I have to confess, this one was tough for me. The most straightforward way to test the statements is to use very simple sets.
S1 If any single value in the list is increased by 1, the number of different values in the list does not change.
Let's try a set of consecutive evens: 2, 4, 6, ... We'll have 20 different integers to start. If we increase any of them by 1, we'll still have 20 different integers, so we can use this set. And here we do not have any consecutive integers, so we have a NO.
Let's try to get a YES; this was a challenge.
Imagine a set like: 1, 1, 2, 4, 4, 5, 5, 6 (for simplicity's sake, we'll make a set with 8 integers, but the logic will work for a set with 20 integers too.)
We're starting with 5 different integers. If we increase a 1 to to a 2, we'll have 1, 2, 2, 4, 4, 5, 5, 6 --> still have 5 different integers. If we increase the 2 to a 3, we'll have 1, 1, 3, 4, 4, 5, 5, 6, we still have 5 different integers. If we increase the 4 to a 5, we'll still have 5 different integers. Same if we increase the 5 to a 6 or the 6 to a 7. So this set gives us a YES, we do have some consecutive integers here. (Getting a set to work was a little brain-melting.) S1 = Not Sufficient.
S2: This is easier:
First set: 2, 2, 4, 6, 8 .... No consecutive = NO
Second set: 2, 2, 3, 4, 5.... Consecutive integers = YES
So S2 is not sufficient.
Together: Let's go back to the sets I used for S1: Set One: 2, 4, 6, 8... And Set Two: 1, 1, 2, 4, 4, 5, 5, 6. Only the second set will work for our together scenario because the first one has no repeated elements. So I know I can get a YES using Set Two. The question is, can I get a NO, if both statements are true at the same time?
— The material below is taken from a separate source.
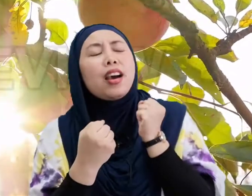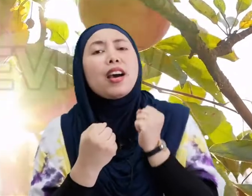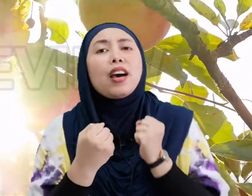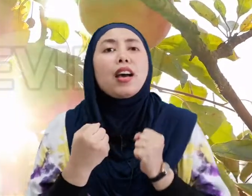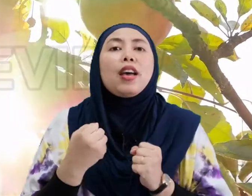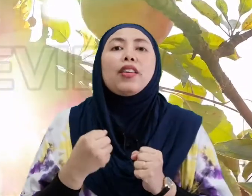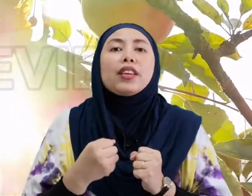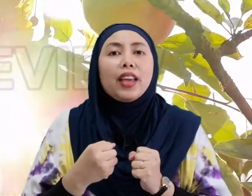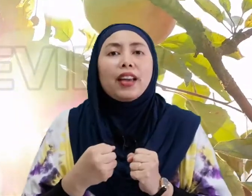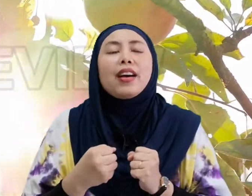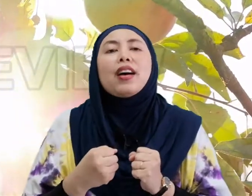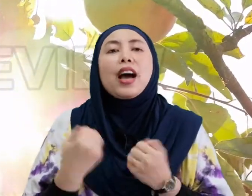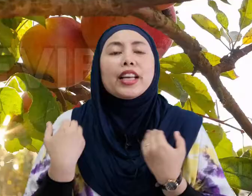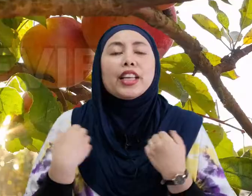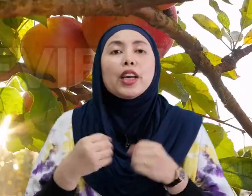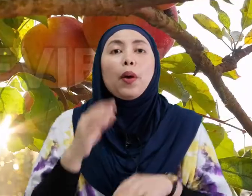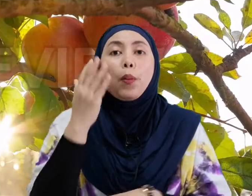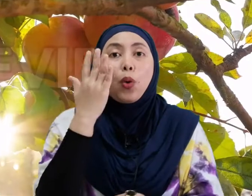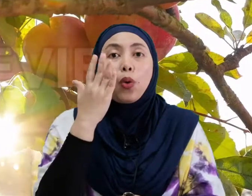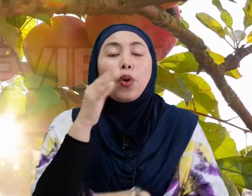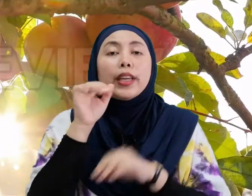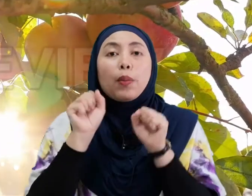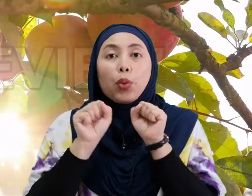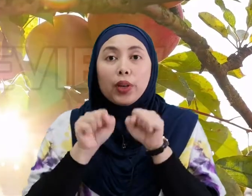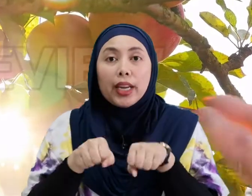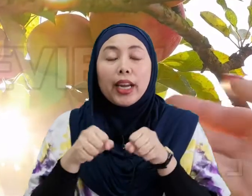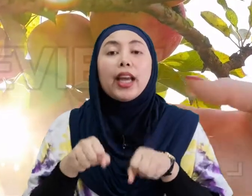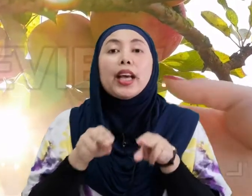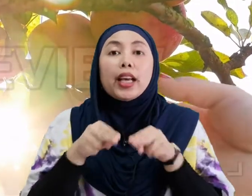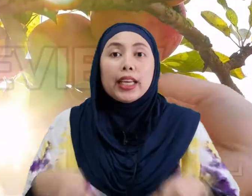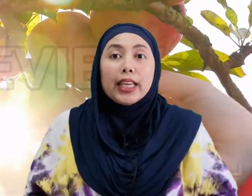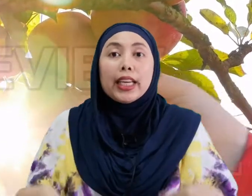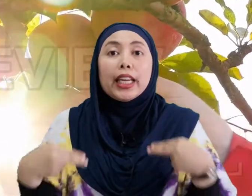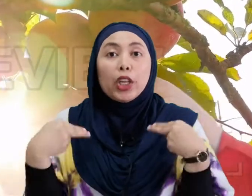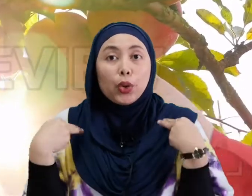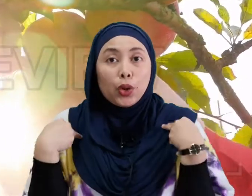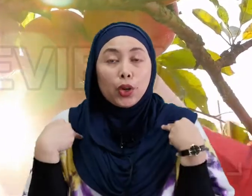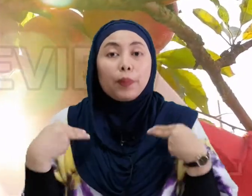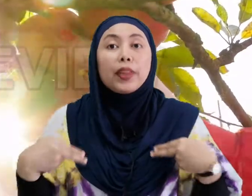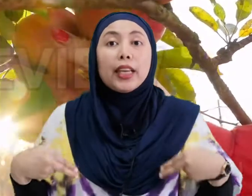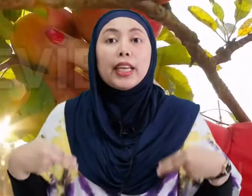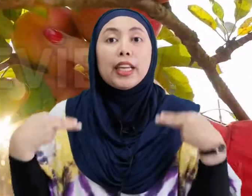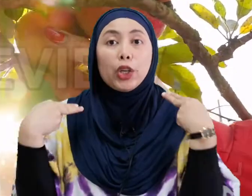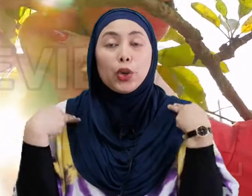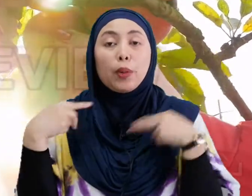Okey Ada Pokok Ada Yang boleh Hidup Hidup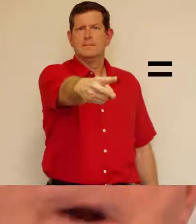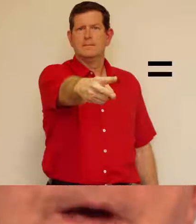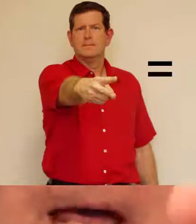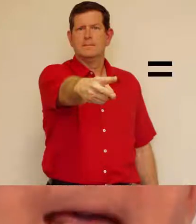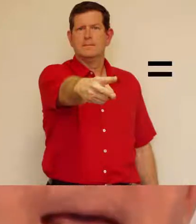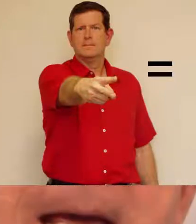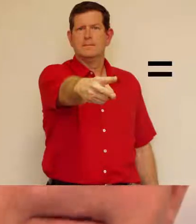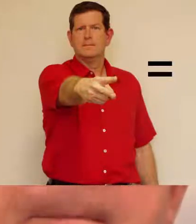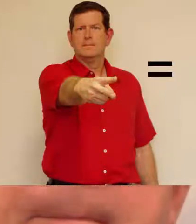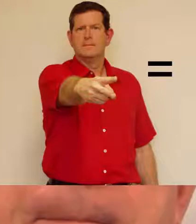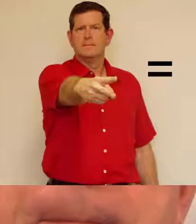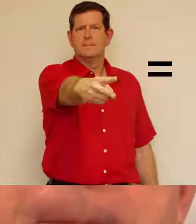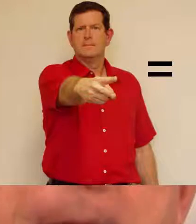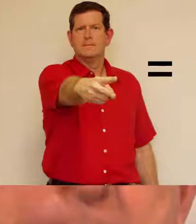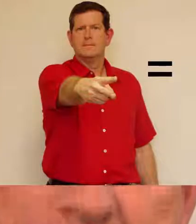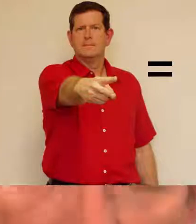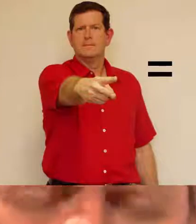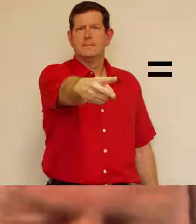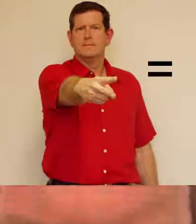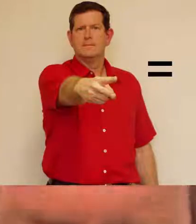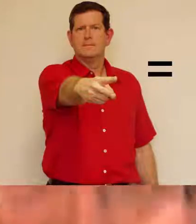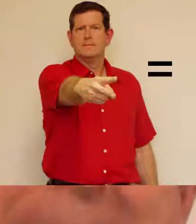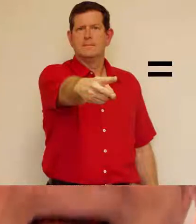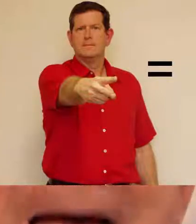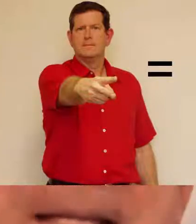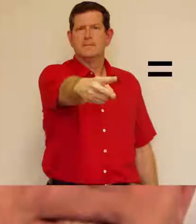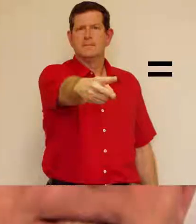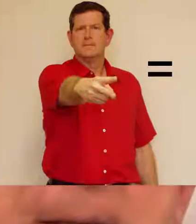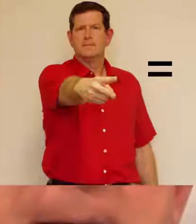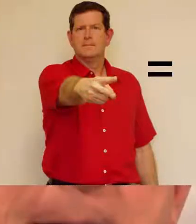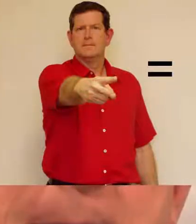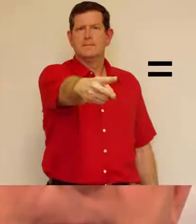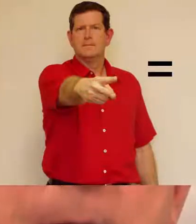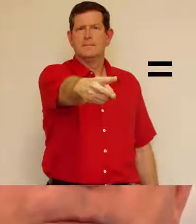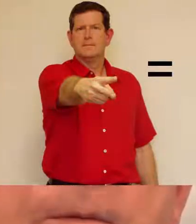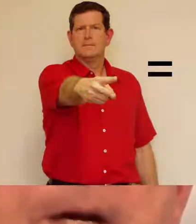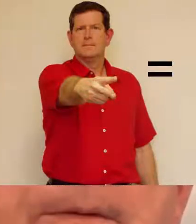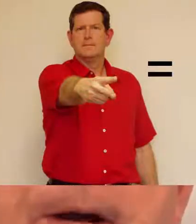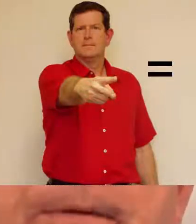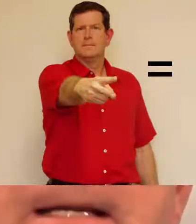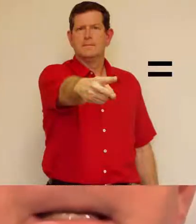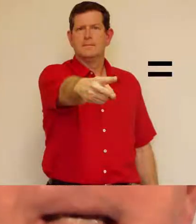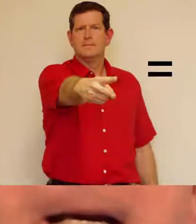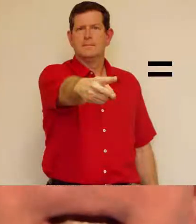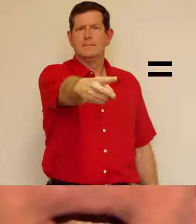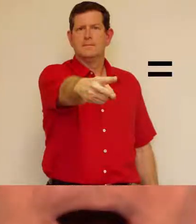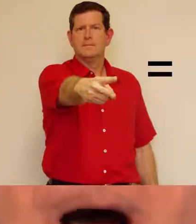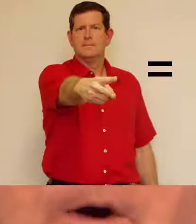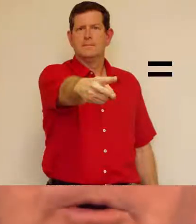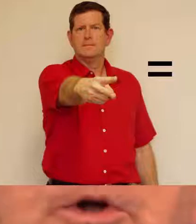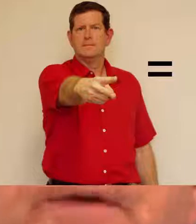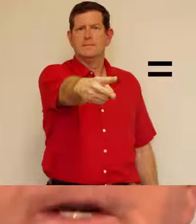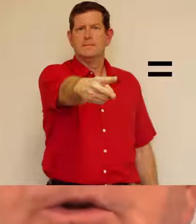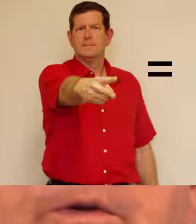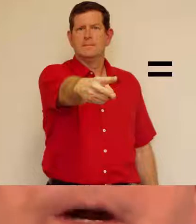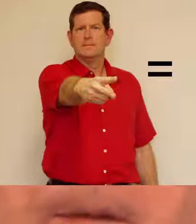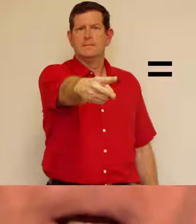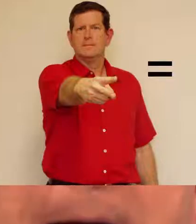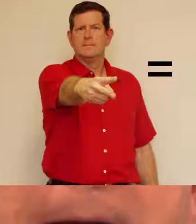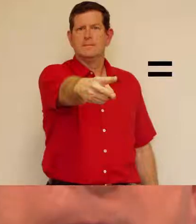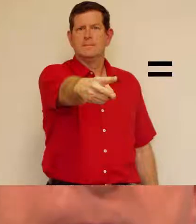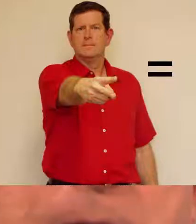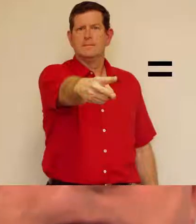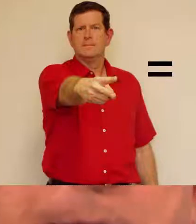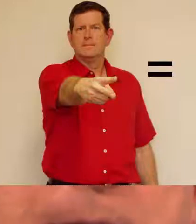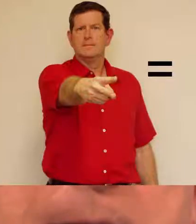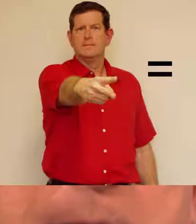Elle est. Vous êtes. Voilà, voilà, voilà, c'est ça. Alors, que veut dire ce verbe-là,

And I don't see how: A set like this: 2, 2, 4, 4, 6, 6 would violate the first statement: changing the 2 to a 3 would increase the number of different integers in the set. Not usable. The only way to get a set that satisfies both is to have some consecutive elements, so together the answer must be YES. Answer = C
(Confession: this took me longer than 2 minutes. Brutal question.)